-- Supplied information follows --

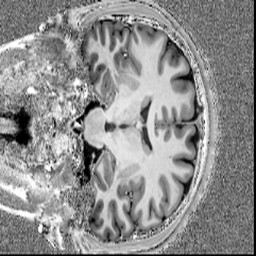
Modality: T1w
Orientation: coronal
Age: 32
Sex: male
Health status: healthy
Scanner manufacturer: siemens
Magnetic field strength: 7 T
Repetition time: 4.3 s
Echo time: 0.00227 s
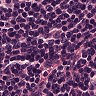
Metastatic tissue present: yes
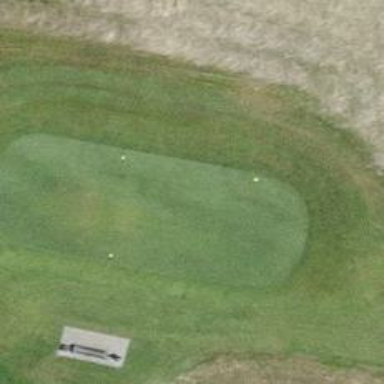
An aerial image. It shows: Golf tee.
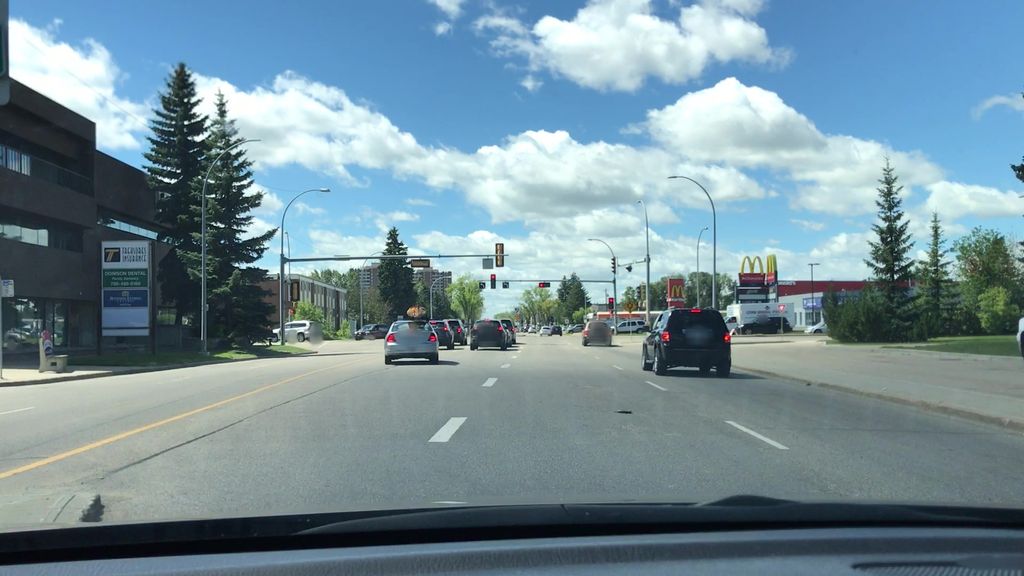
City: edmonton
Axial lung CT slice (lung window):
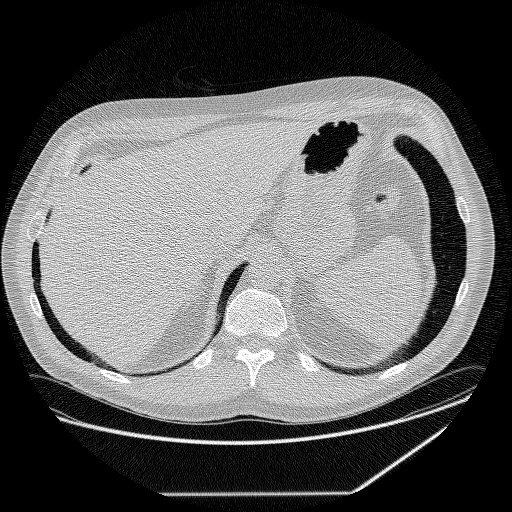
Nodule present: no
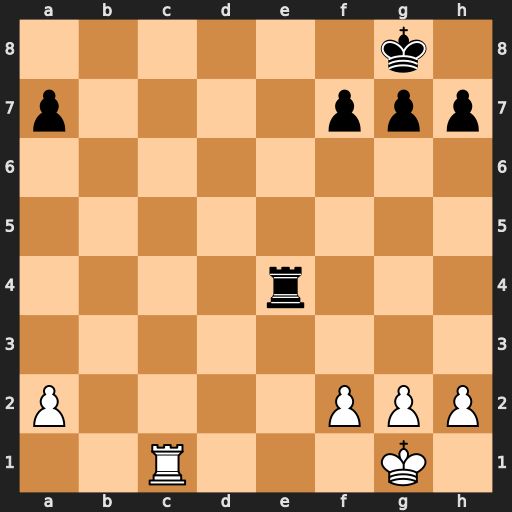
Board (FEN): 6k1/p4ppp/8/8/4r3/8/P4PPP/2R3K1
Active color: w
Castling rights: -
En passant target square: -
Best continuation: Rc8+ Re8 Rxe8#
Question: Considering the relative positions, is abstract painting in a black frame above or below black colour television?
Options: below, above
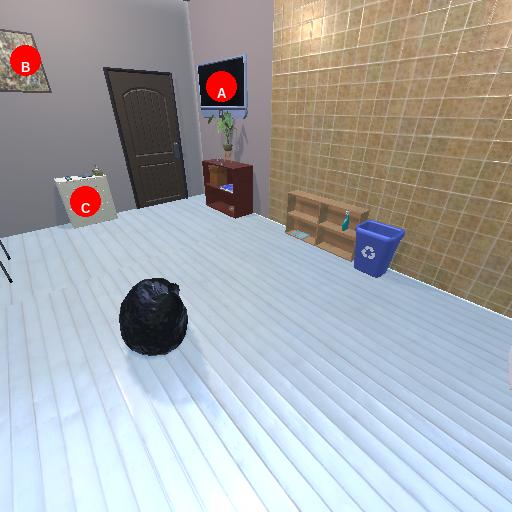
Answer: below
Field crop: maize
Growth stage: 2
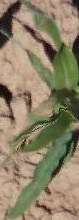
Species: maize
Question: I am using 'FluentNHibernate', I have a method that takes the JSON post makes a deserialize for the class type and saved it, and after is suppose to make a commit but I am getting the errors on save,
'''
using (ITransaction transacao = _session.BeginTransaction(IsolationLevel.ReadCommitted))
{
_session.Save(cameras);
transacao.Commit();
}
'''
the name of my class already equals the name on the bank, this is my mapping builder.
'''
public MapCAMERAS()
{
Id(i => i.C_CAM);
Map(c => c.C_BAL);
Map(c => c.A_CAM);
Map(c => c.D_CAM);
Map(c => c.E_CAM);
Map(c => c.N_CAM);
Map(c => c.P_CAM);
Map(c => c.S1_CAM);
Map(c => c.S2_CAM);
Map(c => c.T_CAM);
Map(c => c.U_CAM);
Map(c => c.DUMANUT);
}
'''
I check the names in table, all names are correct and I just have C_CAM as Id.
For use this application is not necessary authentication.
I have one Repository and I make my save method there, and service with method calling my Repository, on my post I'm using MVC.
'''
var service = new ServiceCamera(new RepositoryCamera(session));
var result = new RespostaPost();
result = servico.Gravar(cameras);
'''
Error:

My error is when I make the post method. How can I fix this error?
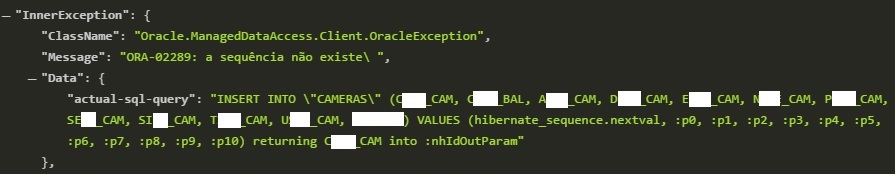
Answer: ## Solution
Very simple. Possibly you mapping not config the increment type.
---
Try some like this:
'''
Id(i => i.TableId).GeneratedBy.Increment();
'''

-- Supplied information concluded --

# What this task involves:
Print out the entries once more, unchanged. No pictures.

# Output below:
Modality: T1w
Orientation: coronal
Age: 32
Sex: male
Health status: healthy
Scanner manufacturer: siemens
Magnetic field strength: 7 T
Repetition time: 4.3 s
Echo time: 0.00227 s
Metastatic tissue present: yes
An aerial image. It shows: Golf tee.
City: edmonton
Axial lung CT slice (lung window):
Nodule present: no
Board (FEN): 6k1/p4ppp/8/8/4r3/8/P4PPP/2R3K1
Active color: w
Castling rights: -
En passant target square: -
Best continuation: Rc8+ Re8 Rxe8#
Question: Considering the relative positions, is abstract painting in a black frame above or below black colour television?
Options: below, above
Answer: below
Field crop: maize
Growth stage: 2
Species: maize
Question: I am using 'FluentNHibernate', I have a method that takes the JSON post makes a deserialize for the class type and saved it, and after is suppose to make a commit but I am getting the errors on save,
'''
using (ITransaction transacao = _session.BeginTransaction(IsolationLevel.ReadCommitted))
{
_session.Save(cameras);
transacao.Commit();
}
'''
the name of my class already equals the name on the bank, this is my mapping builder.
'''
public MapCAMERAS()
{
Id(i => i.C_CAM);
Map(c => c.C_BAL);
Map(c => c.A_CAM);
Map(c => c.D_CAM);
Map(c => c.E_CAM);
Map(c => c.N_CAM);
Map(c => c.P_CAM);
Map(c => c.S1_CAM);
Map(c => c.S2_CAM);
Map(c => c.T_CAM);
Map(c => c.U_CAM);
Map(c => c.DUMANUT);
}
'''
I check the names in table, all names are correct and I just have C_CAM as Id.
For use this application is not necessary authentication.
I have one Repository and I make my save method there, and service with method calling my Repository, on my post I'm using MVC.
'''
var service = new ServiceCamera(new RepositoryCamera(session));
var result = new RespostaPost();
result = servico.Gravar(cameras);
'''
Error:

My error is when I make the post method. How can I fix this error?
Answer: ## Solution
Very simple. Possibly you mapping not config the increment type.
---
Try some like this:
'''
Id(i => i.TableId).GeneratedBy.Increment();
'''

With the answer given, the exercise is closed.